What is a classic, anyway? When I was at school, classical societies and cultures were those of ancient Greece and Rome. Morris, who is Willard Professor of Classics and History at Stanford University, described a redefinition of ‘classic’ that was taking place in scholarly and educational circles: ‘It would be silly to carry on acting like they did in the 19th century, when there was a real focus on Western culture.’ Where Western civilisation courses used to be ubiquitous, they have now have been replaced by world history courses. Of course, this means that ‘there’s going to be less of a focus on Greek and Roman literature – but that’s not such a bad thing’.

Classics do still play a part in modern literature, poet and historian (among other things) Hill reminded us, as he had been reminded last week at a series of events featuring philosopher Raimond Gaita.
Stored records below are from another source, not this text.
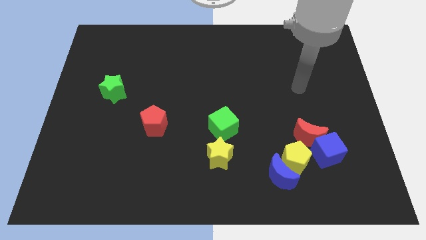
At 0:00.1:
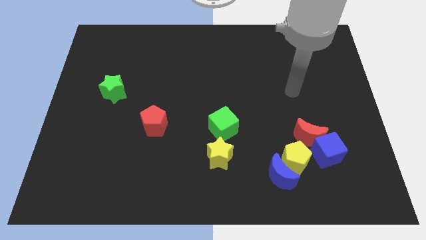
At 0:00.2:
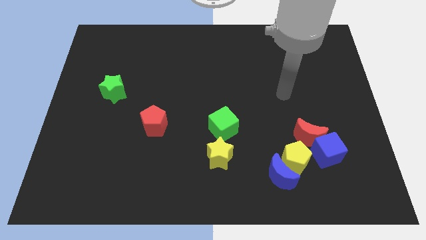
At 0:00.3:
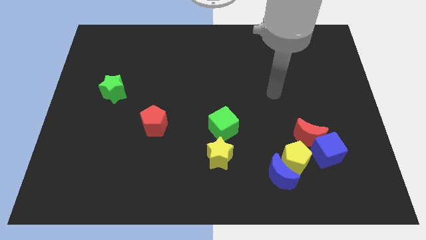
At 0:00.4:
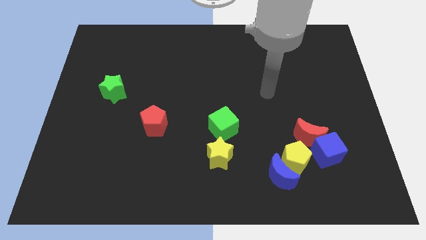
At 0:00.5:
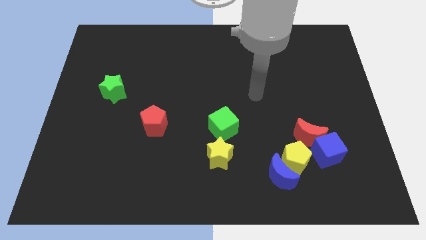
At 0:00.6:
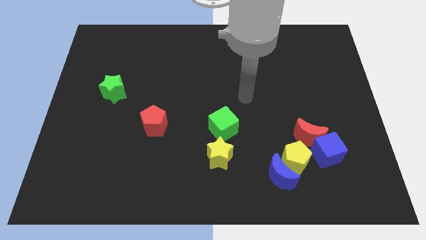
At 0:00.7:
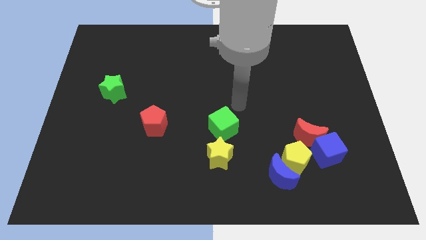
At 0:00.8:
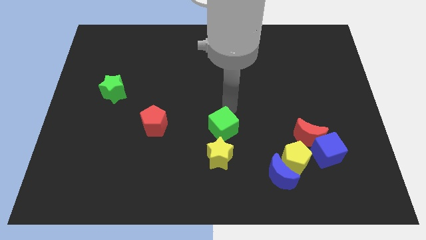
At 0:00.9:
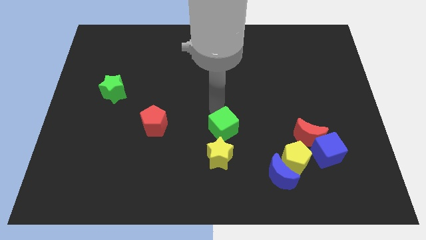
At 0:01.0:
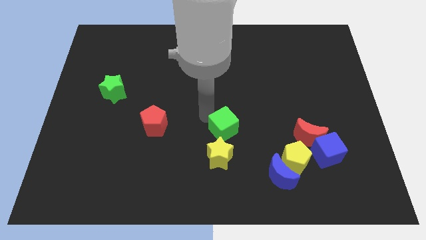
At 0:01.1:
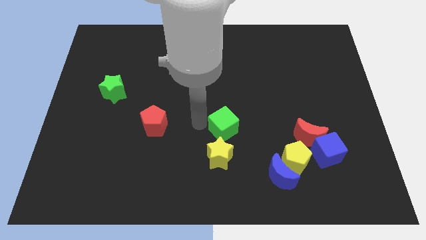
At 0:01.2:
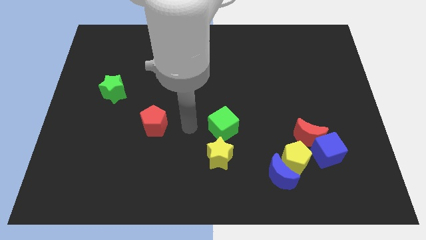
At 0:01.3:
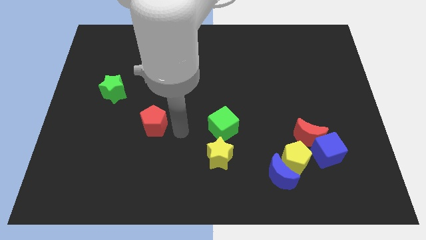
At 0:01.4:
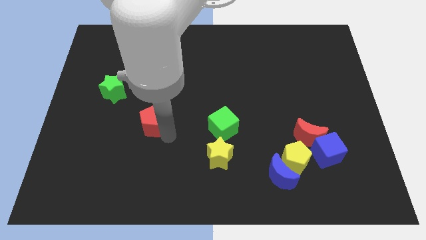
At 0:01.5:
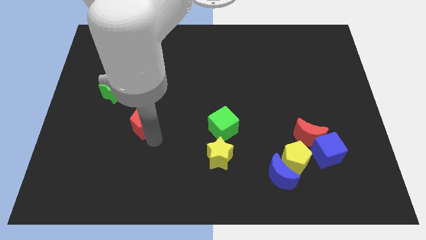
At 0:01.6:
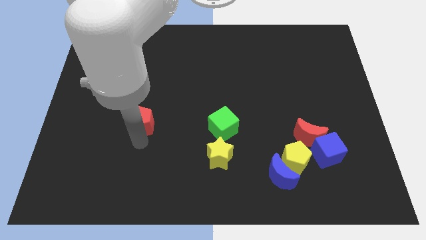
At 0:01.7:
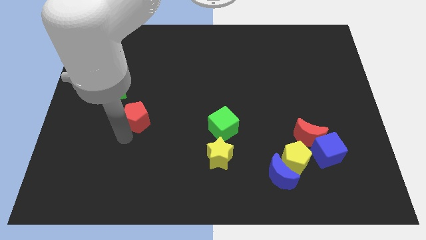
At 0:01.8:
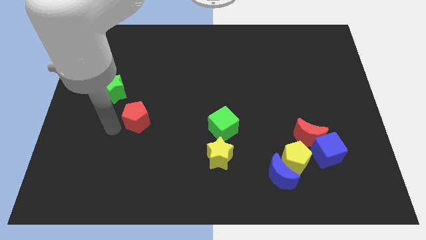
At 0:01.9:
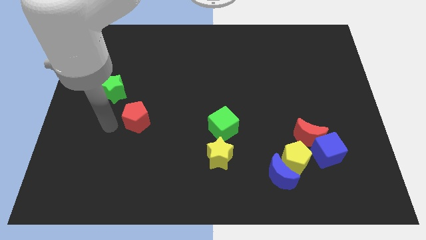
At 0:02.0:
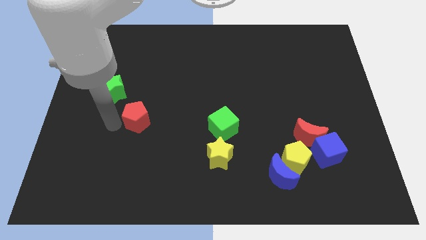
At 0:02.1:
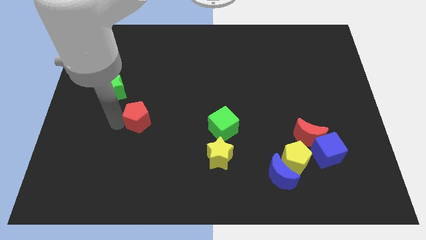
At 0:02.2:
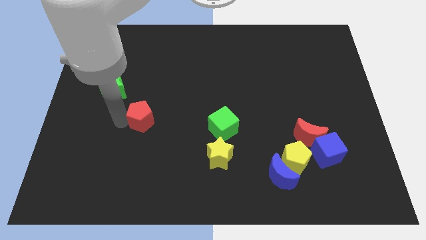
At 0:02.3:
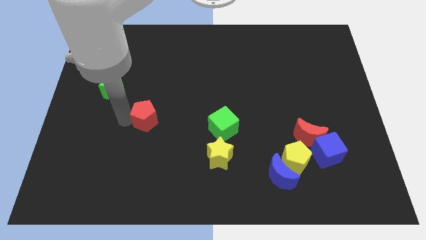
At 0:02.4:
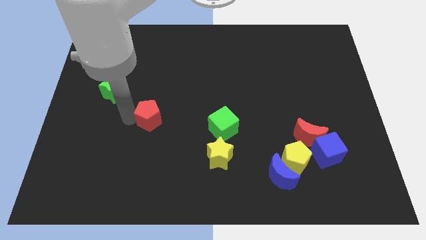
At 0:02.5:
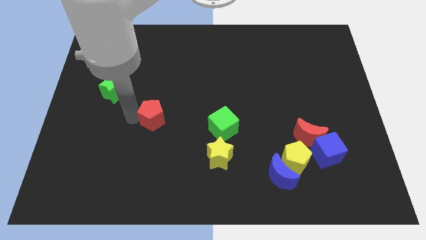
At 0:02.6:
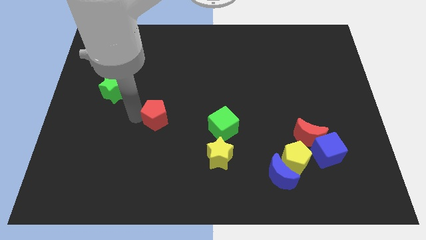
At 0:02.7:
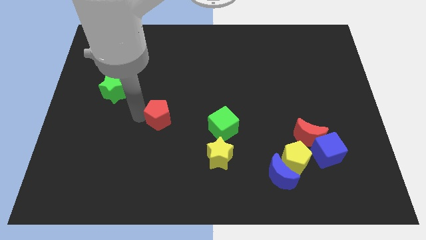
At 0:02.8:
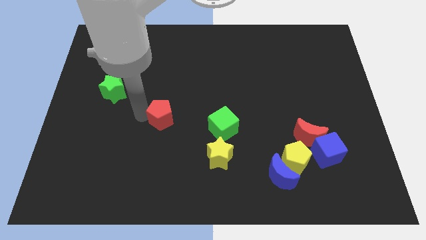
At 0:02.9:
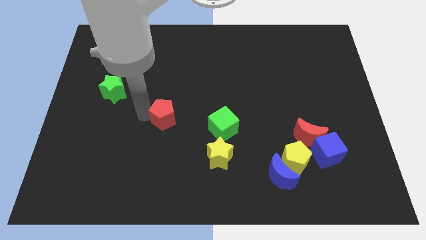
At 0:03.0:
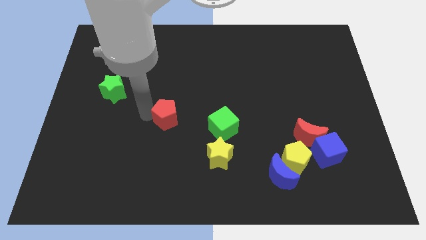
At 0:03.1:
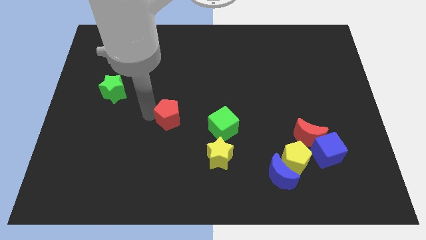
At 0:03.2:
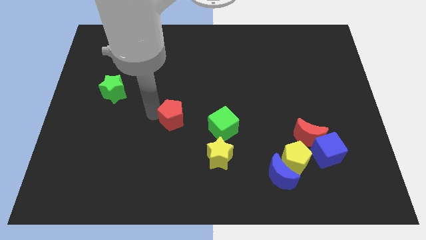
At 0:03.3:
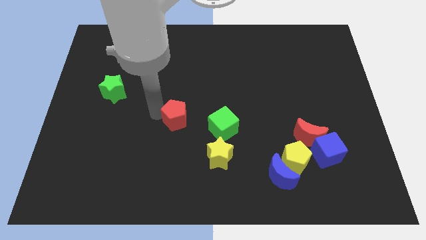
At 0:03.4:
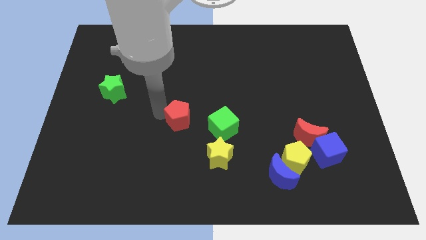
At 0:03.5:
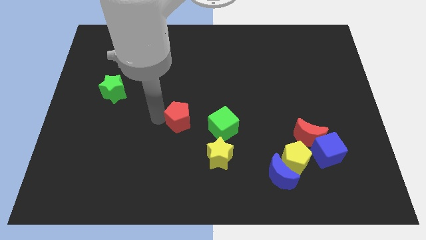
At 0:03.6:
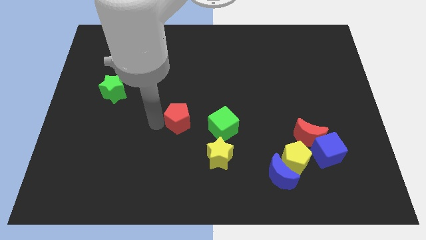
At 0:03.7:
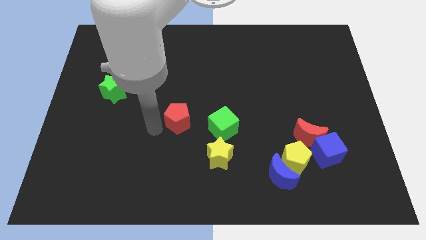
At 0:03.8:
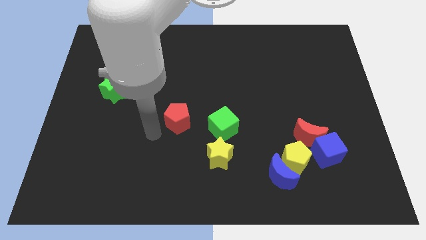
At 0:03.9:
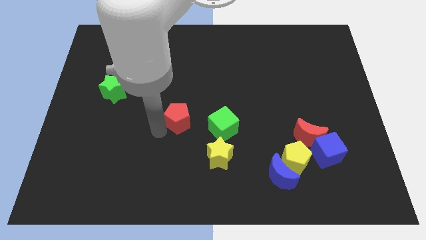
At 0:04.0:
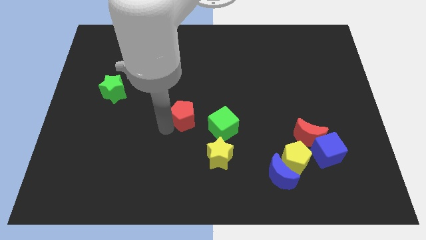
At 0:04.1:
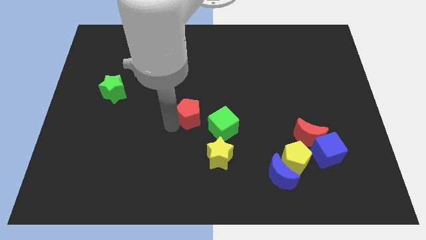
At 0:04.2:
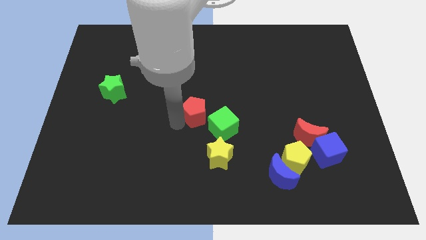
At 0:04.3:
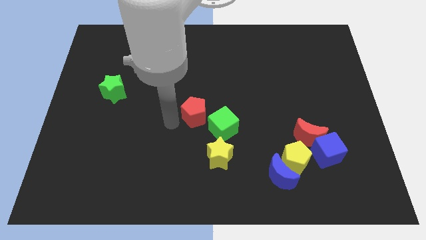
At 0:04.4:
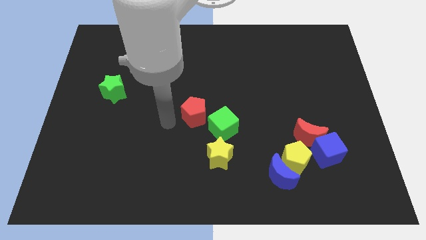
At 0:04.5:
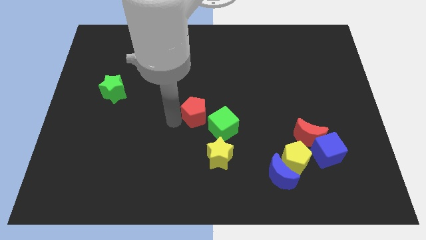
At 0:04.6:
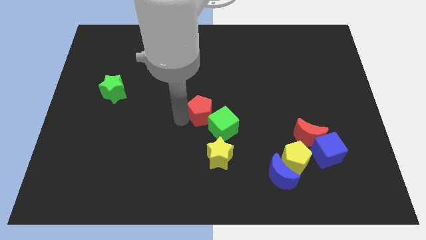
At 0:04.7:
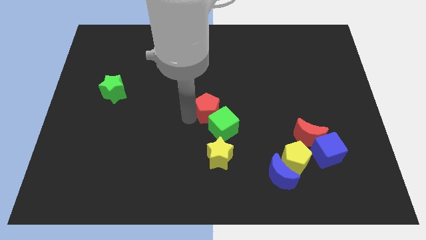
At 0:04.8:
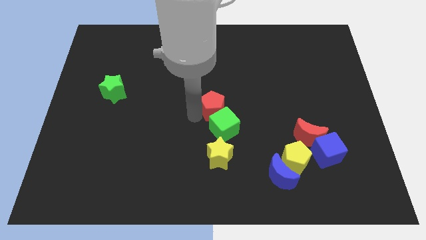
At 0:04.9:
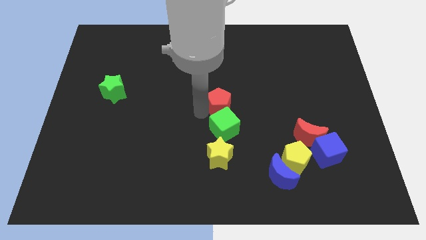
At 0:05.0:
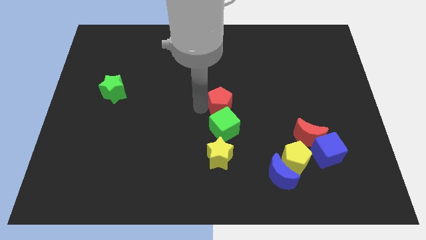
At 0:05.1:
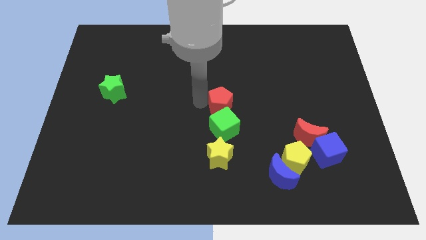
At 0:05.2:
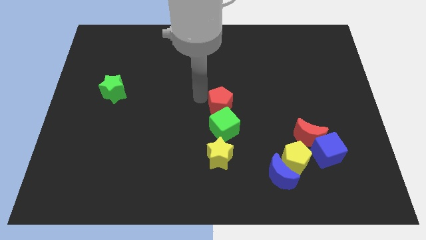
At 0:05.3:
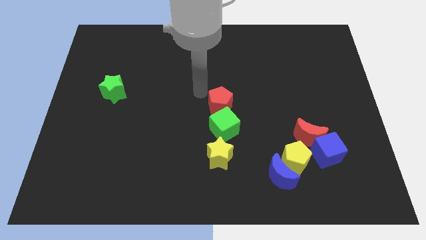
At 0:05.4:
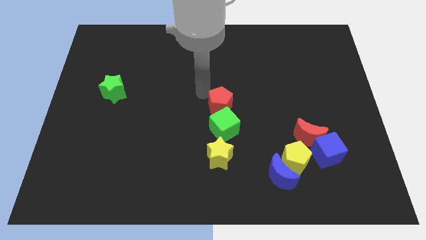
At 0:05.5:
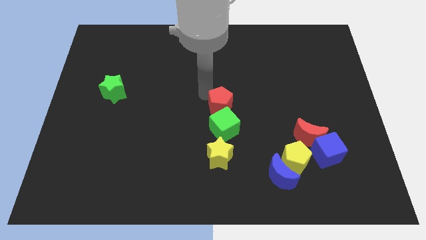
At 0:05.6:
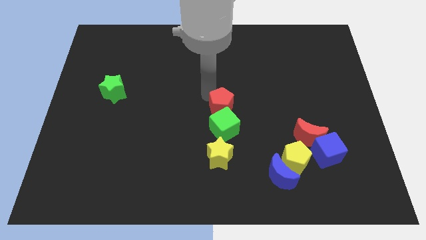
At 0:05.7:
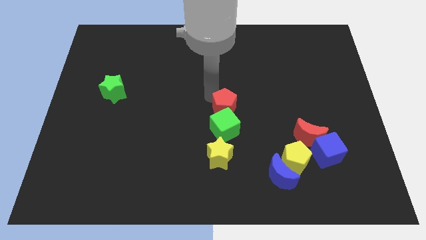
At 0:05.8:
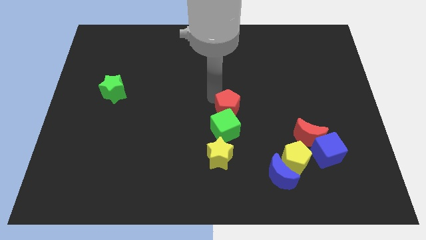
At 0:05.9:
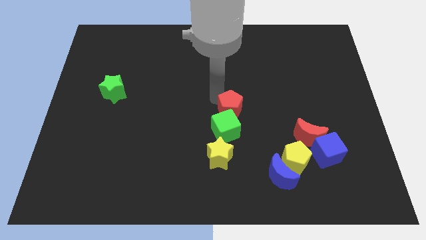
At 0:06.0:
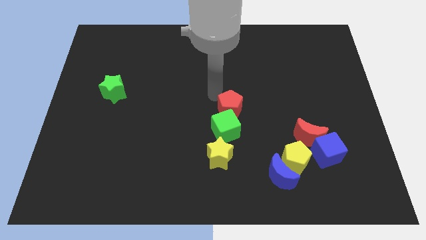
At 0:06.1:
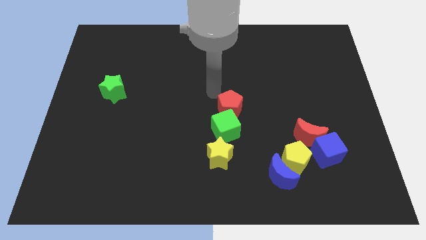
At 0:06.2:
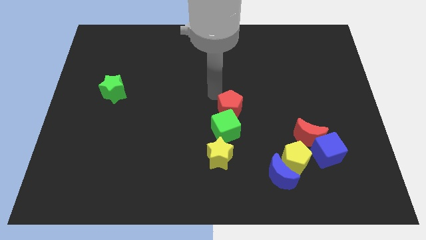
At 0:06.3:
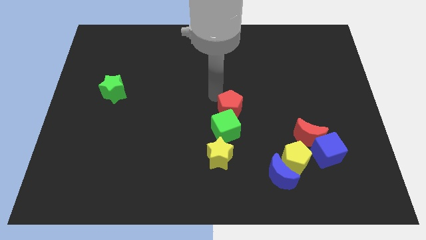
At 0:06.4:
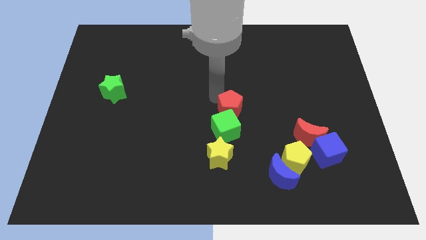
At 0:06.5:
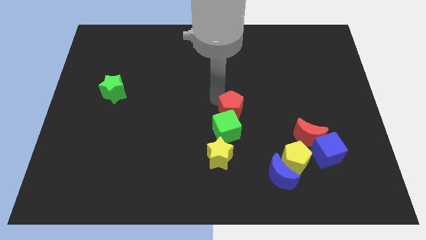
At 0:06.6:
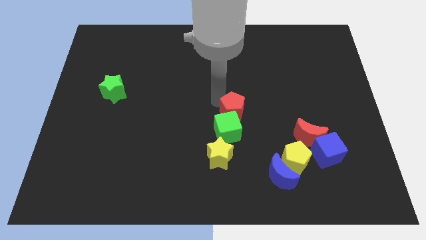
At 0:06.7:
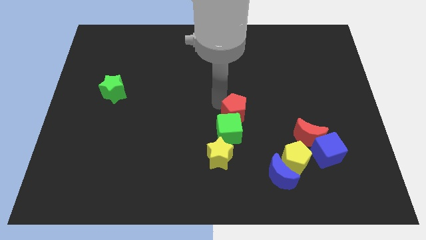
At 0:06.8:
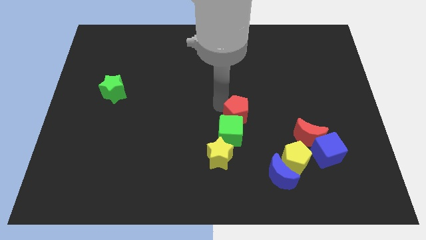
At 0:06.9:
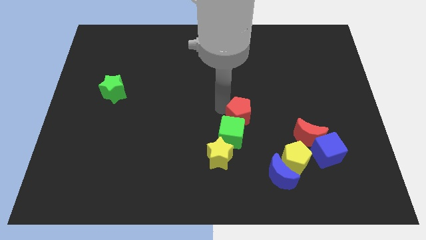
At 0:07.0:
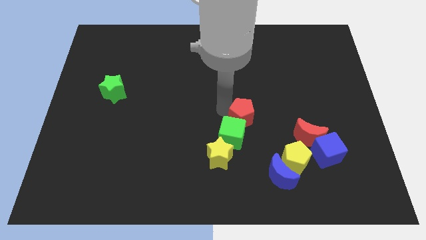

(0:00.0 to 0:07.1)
push the red pentagon to the right

Plato features in Gaita’s work, as does Socrates – Gaita clearly has a passion for ‘the examined life’. As the attendees discussed Gaita’s Romulus, My Father and Gaita’s new book, Hill realised they were engaging in the ritual of rendering a new book as a classic – by recalling the classics that helped shape it, and lauding it in terms of the classics we admire. A paradox of the ‘classic’ occurred to him: the classic is there to be used and reused (and abused), but is also sacred, unique.

It’s universal that every culture venerates its ancestors, said a jetlagged Weinberger (‘One is stupid, but when jetlagged, one has an excuse for one’s stupidity.’) ‘It’s hard to think of any culture that doesn’t’; perhaps we’re at a moment where the poets have lost the past and the classics have dropped out, in a nod to postmodernism.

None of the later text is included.